The input interface 502, the processor 503, the memory 504, and the output interface 505 are connected to each other via a bus 510, and the input device 501 and the output device 506 are connected to the bus 510 via the input interface 502 and the output interface 505, respectively, and further connected to other components of the computing device 500.
Specifically, the input device 501 receives input information from the outside and transmits the input information to the processor 503 through the input interface 502; the processor 503 processes the input information based on computer-executable instructions stored in the memory 504 to generate output information, stores the output information temporarily or permanently in the memory 504, and then transmits the output information to the output device 506 through the output interface 505; output device 506 outputs the output information outside of computing device 500 for use by a user.
The computing device 500 may perform the steps of the communication methods described herein.
The processor 503 may be one or more Central Processing Units (CPUs). In the case where the processor 503 is one CPU, the CPU may be a single-core CPU or a multi-core CPU.
The memory 504 may be, but is not limited to, one or more of Random Access Memory (RAM), Read Only Memory (ROM), Erasable Programmable Read Only Memory (EPROM), compact disc read only memory (CD-ROM), a hard disk, and the like. The memory 504 is used for storing program codes.
It is understood that, in the embodiment of the present application, the functions of any one or all of the modules provided in fig. 1, 3, and 4 may be implemented by the central processing unit 503 shown in fig. 5.

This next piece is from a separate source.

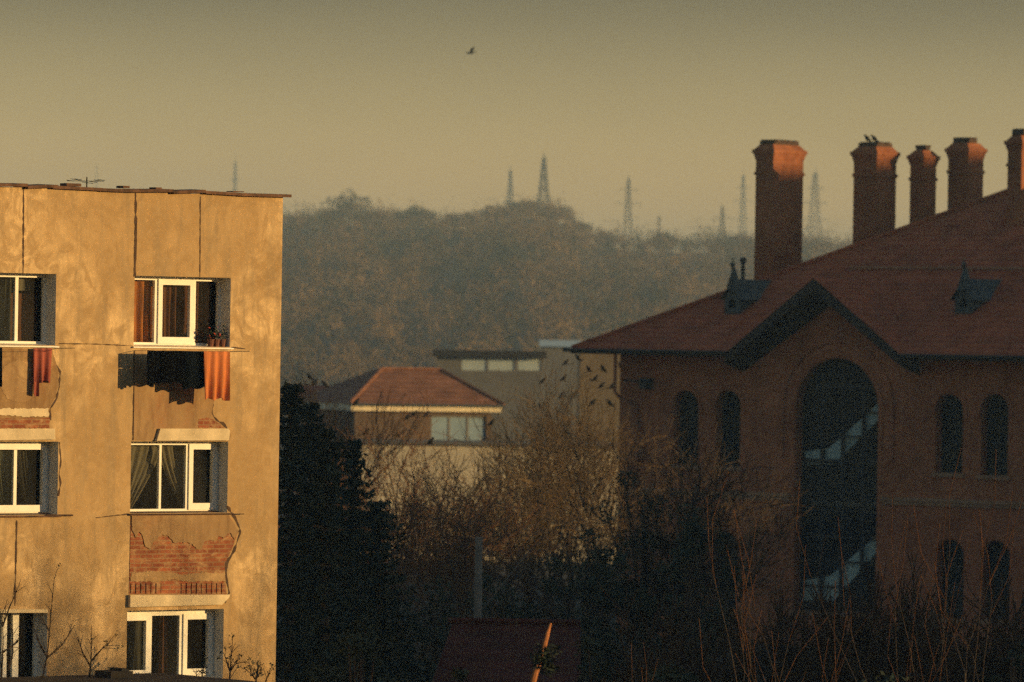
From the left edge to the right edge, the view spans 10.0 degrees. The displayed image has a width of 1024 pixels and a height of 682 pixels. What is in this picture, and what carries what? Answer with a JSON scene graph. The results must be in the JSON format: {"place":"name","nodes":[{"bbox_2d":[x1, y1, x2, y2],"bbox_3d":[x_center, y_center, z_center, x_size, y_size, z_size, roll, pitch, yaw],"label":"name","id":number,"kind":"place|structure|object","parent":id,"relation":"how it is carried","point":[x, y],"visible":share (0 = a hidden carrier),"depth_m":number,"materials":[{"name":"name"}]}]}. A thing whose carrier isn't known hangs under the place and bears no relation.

In the above embodiments, the implementation may be wholly or partially realized by software, hardware, firmware, or any combination thereof. When used in whole or in part, can be implemented in a computer program product that includes one or more computer instructions. When loaded or executed on a computer, cause the flow or functions according to embodiments of the invention to occur, in whole or in part. The computer may be a general purpose computer, a special purpose computer, a network of computers, or other programmable device. The computer instructions may be stored in a computer readable storage medium or transmitted from one computer readable storage medium to another, for example, the computer instructions may be transmitted from one website site, computer, server, or data center to another website site, computer, server, or data center via wire (e.g., coaxial cable, fiber optic, Digital Subscriber Line (DSL), or wireless (e.g., infrared, wireless, microwave, etc.)). The computer-readable storage medium can be any available medium that can be accessed by a computer or a data storage device, such as a server, a data center, etc., that includes one or more of the available media. The usable medium may be a magnetic medium (e.g., floppy Disk, hard Disk, magnetic tape), an optical medium (e.g., DVD), or a semiconductor medium (e.g., Solid State Disk (SSD)), among others.
All parts of the specification are described in a progressive mode, the same and similar parts of all embodiments can be referred to each other, and each embodiment is mainly introduced to be different from other embodiments. In particular, as to the apparatus and system embodiments, since they are substantially similar to the method embodiments, the description is relatively simple and reference may be made to the description of the method embodiments in relevant places.